## Problem
The answer must be an exact copy of the lines from the one containing "Xatırladaq ki, Abşeron" through the end of the records, with the pictures left out.

--------------------------------------------------

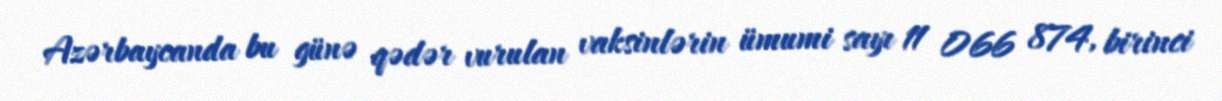
Azərbaycanda bu günə qədər vurulan vaksinlərin ümumi sayı 11 066 874, birinci
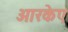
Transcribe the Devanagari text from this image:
आरकेए
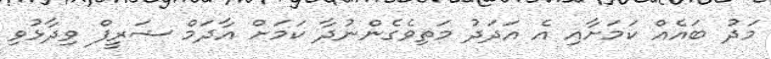
މަދު ބައެއް ކަމަށާއި އެ އަދަދު މަތިވެގެންނުދާ ކަމަށް އާދަމް ޝަރީފް ވިދާޅުވި
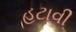
હટાવી
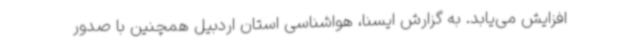
افزایش می‌یابد. به گزارش ایسنا، هواشناسی استان اردبیل همچنین با صدور
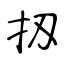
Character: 扨
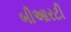
બીઆરટી
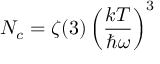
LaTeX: N _ { c } = \zeta ( 3 ) \left( { \frac { k T } { \hbar \omega } } \right) ^ { 3 }
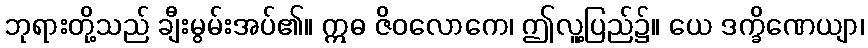
ဘုရားတို့သည် ချီးမွမ်းအပ်၏။ ဣဓ ဇိဝလောကေ၊ ဤလူ့ပြည်၌။ ယေ ဒက္ခိဏေယျာ၊
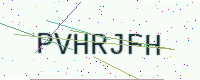
Text: PVHRJFH
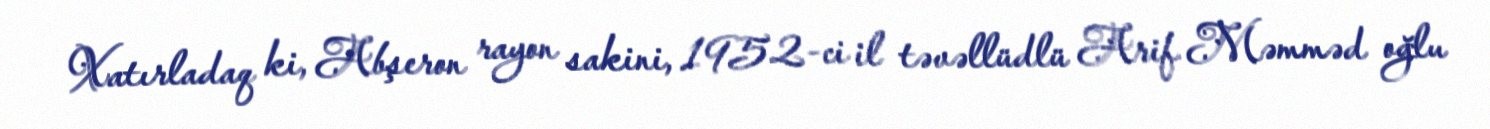
Xatırladaq ki, Abşeron rayon sakini, 1952-ci il təvəllüdlü Arif Məmməd oğlu
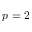
p = 2
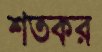
শতকর
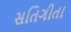
સતિગીતા
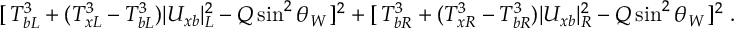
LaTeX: [ \, T _ { b L } ^ { 3 } + ( T _ { x L } ^ { 3 } - T _ { b L } ^ { 3 } ) | U _ { x b } | _ { L } ^ { 2 } - Q \sin ^ { 2 } \theta _ { W } \, ] ^ { 2 } + [ \, T _ { b R } ^ { 3 } + ( T _ { x R } ^ { 3 } - T _ { b R } ^ { 3 } ) | U _ { x b } | _ { R } ^ { 2 } - Q \sin ^ { 2 } \theta _ { W } \, ] ^ { 2 } \; .
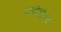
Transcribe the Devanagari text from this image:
गणेशस्य

--------------------------------------------------

## Output
Xatırladaq ki, Abşeron rayon sakini, 1952-ci il təvəllüdlü Arif Məmməd oğlu
p = 2
শতকর
સતિગીતા
LaTeX: [ \, T _ { b L } ^ { 3 } + ( T _ { x L } ^ { 3 } - T _ { b L } ^ { 3 } ) | U _ { x b } | _ { L } ^ { 2 } - Q \sin ^ { 2 } \theta _ { W } \, ] ^ { 2 } + [ \, T _ { b R } ^ { 3 } + ( T _ { x R } ^ { 3 } - T _ { b R } ^ { 3 } ) | U _ { x b } | _ { R } ^ { 2 } - Q \sin ^ { 2 } \theta _ { W } \, ] ^ { 2 } \; .
Transcribe the Devanagari text from this image:
गणेशस्य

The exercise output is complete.